*Records from a data source*:
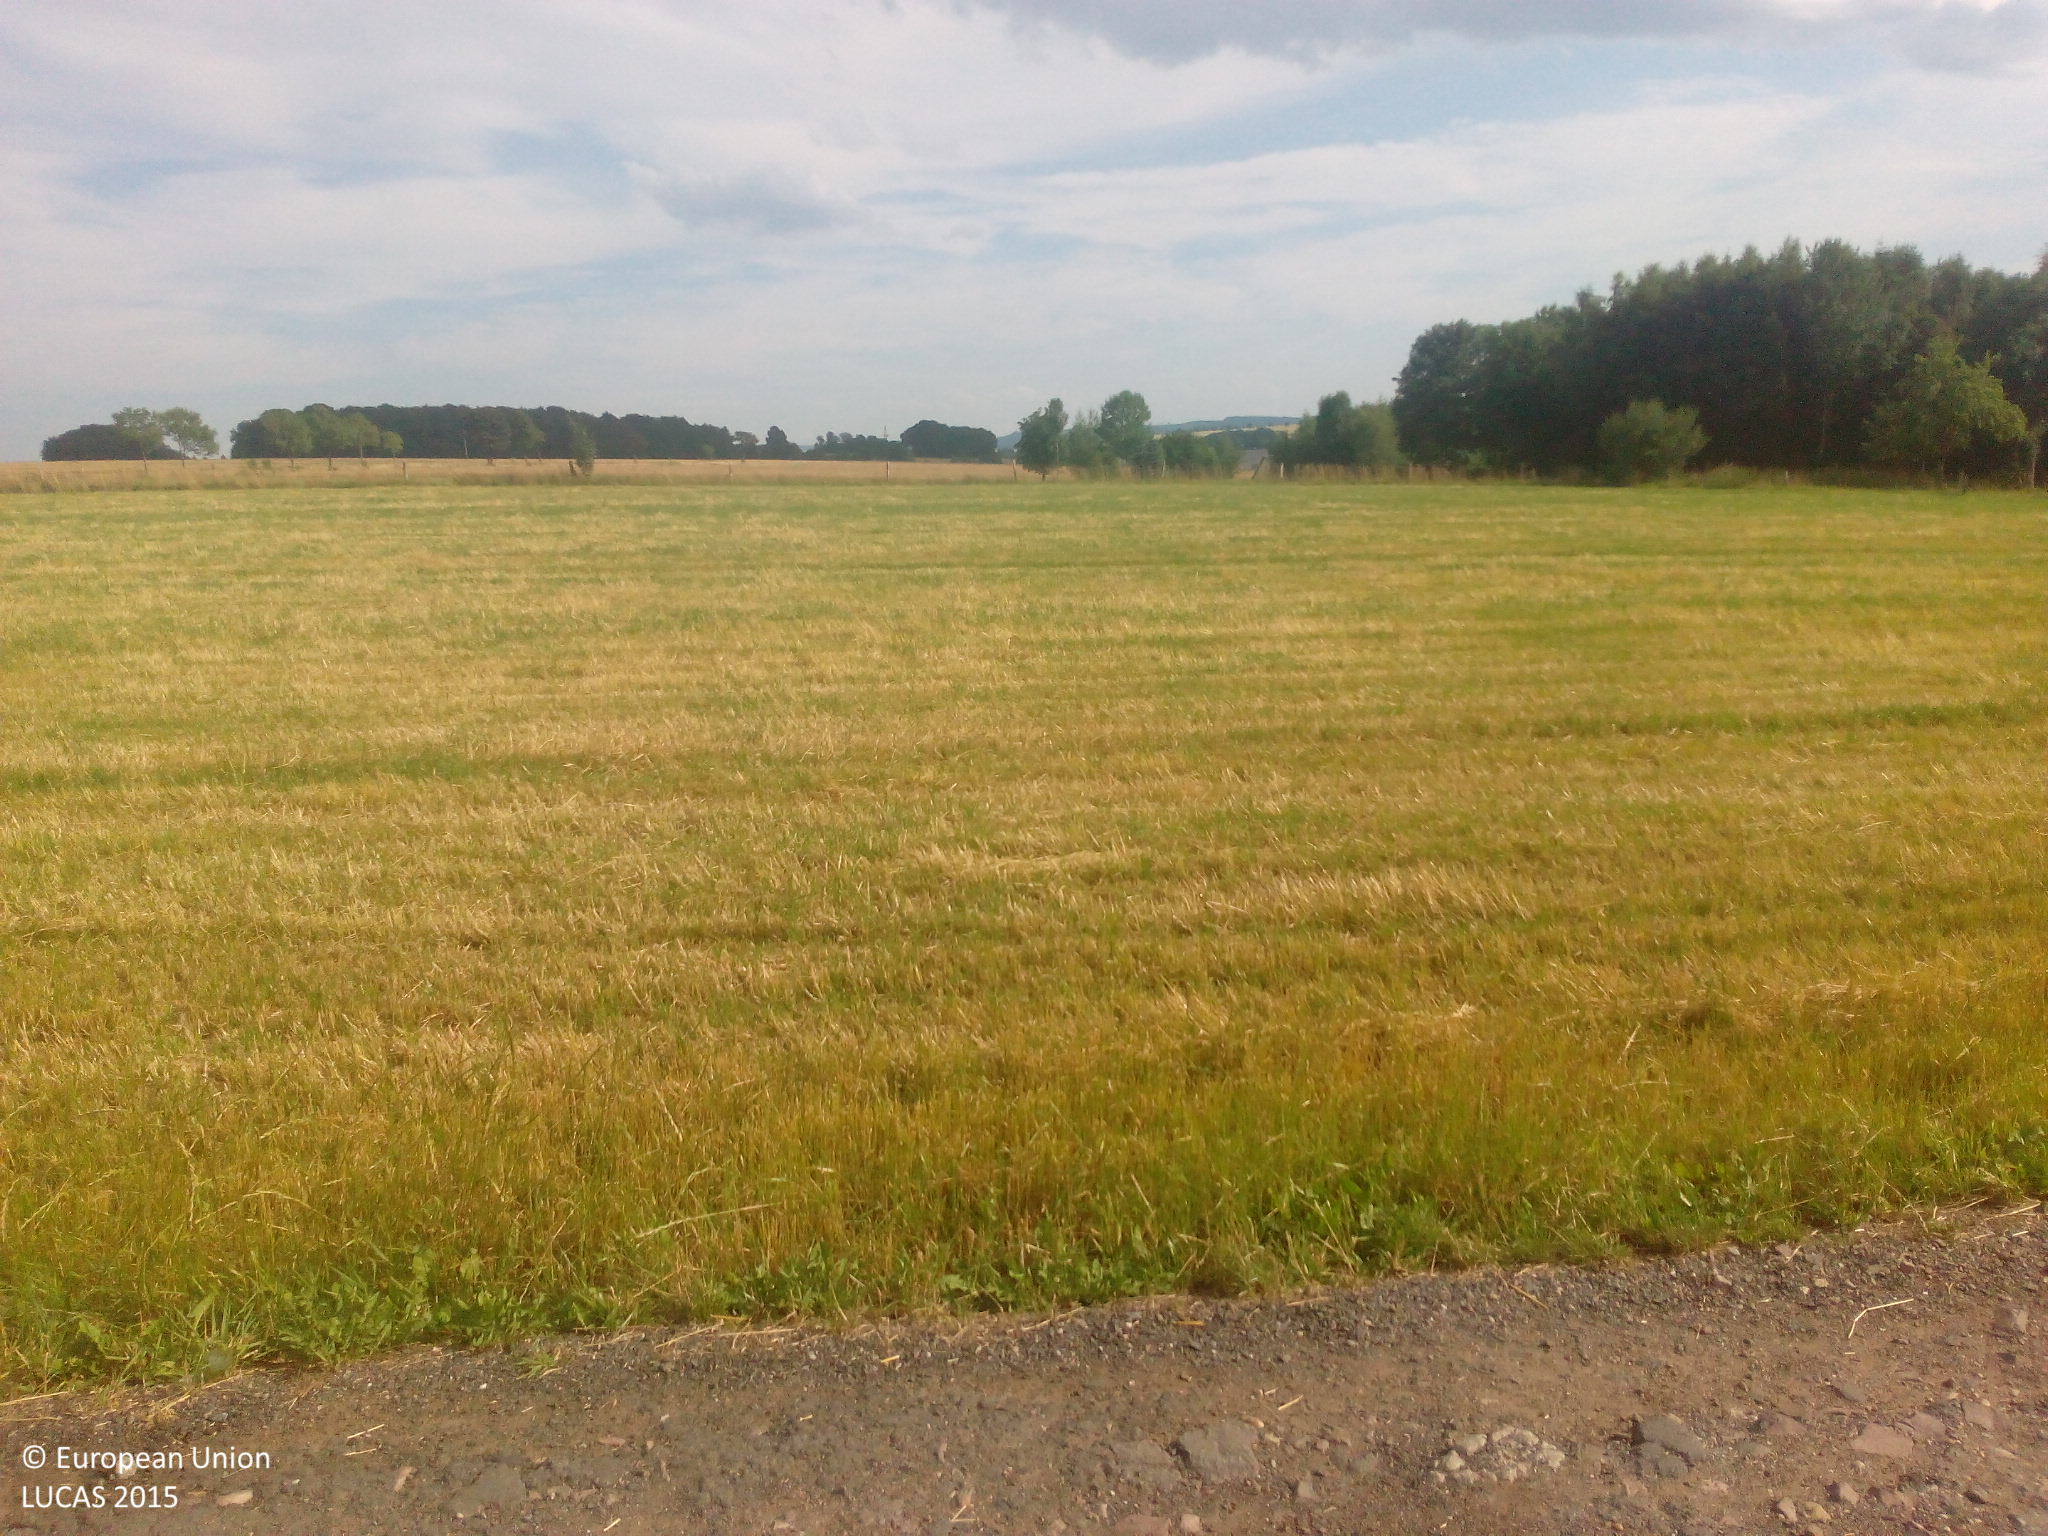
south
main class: Cropland
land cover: Triticale
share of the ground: > 75 %
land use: Agriculture (excluding fallow land and kitchen gardens)
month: July
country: DE
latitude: 50.9040
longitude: 13.5129
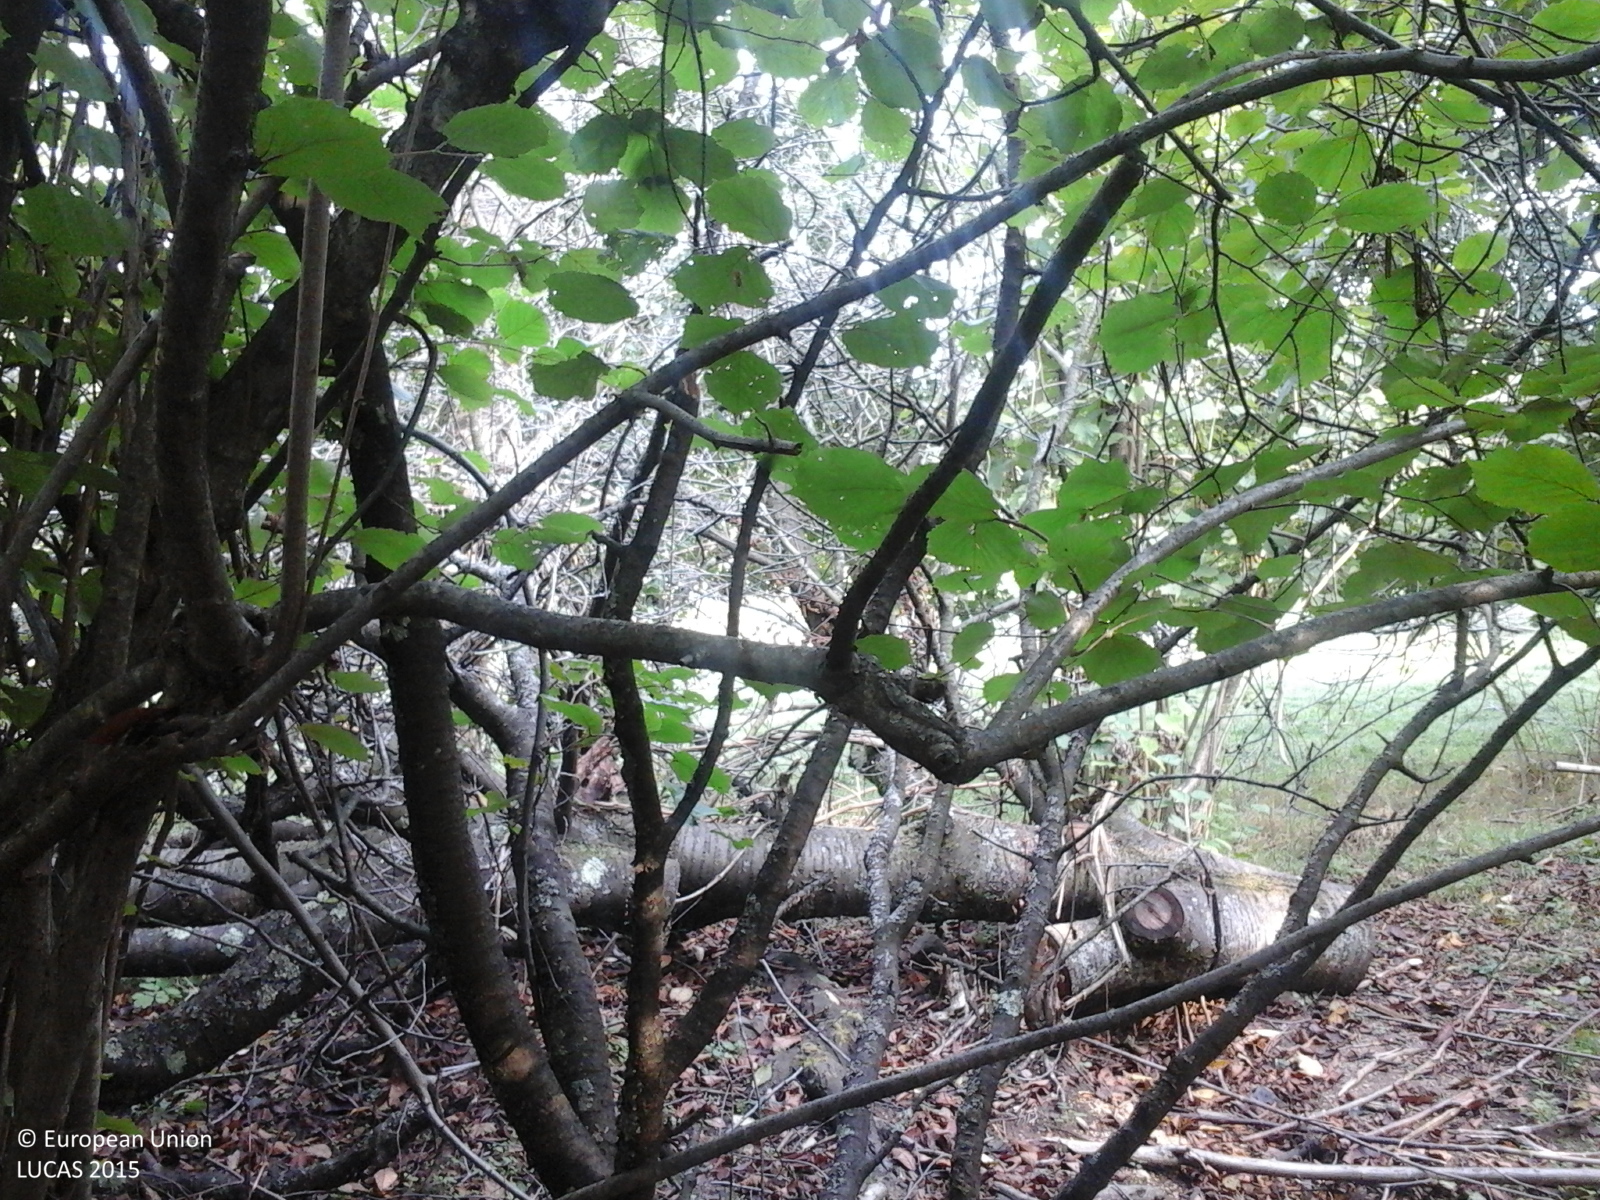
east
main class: Woodland
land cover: Broadleaved woodland
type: mesophytic deciduous forest
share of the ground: > 75 %
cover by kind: broadleaved forest trees 100 %
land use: Forestry
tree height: < 5 m
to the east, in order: Broadleaved woodland; Grassland without tree/shrub cover; Grassland with sparse tree/shrub cover; Other fruit trees and berries; Broadleaved woodland; Fences; Broadleaved woodland; Grassland without tree/shrub cover; Other fruit trees and berries
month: September
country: RO
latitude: 45.5322
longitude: 22.4269

*About this exercise*: How many lines in the entries above hold the string "cover"? Answer with the number and nothing more.

*Written answer*: 4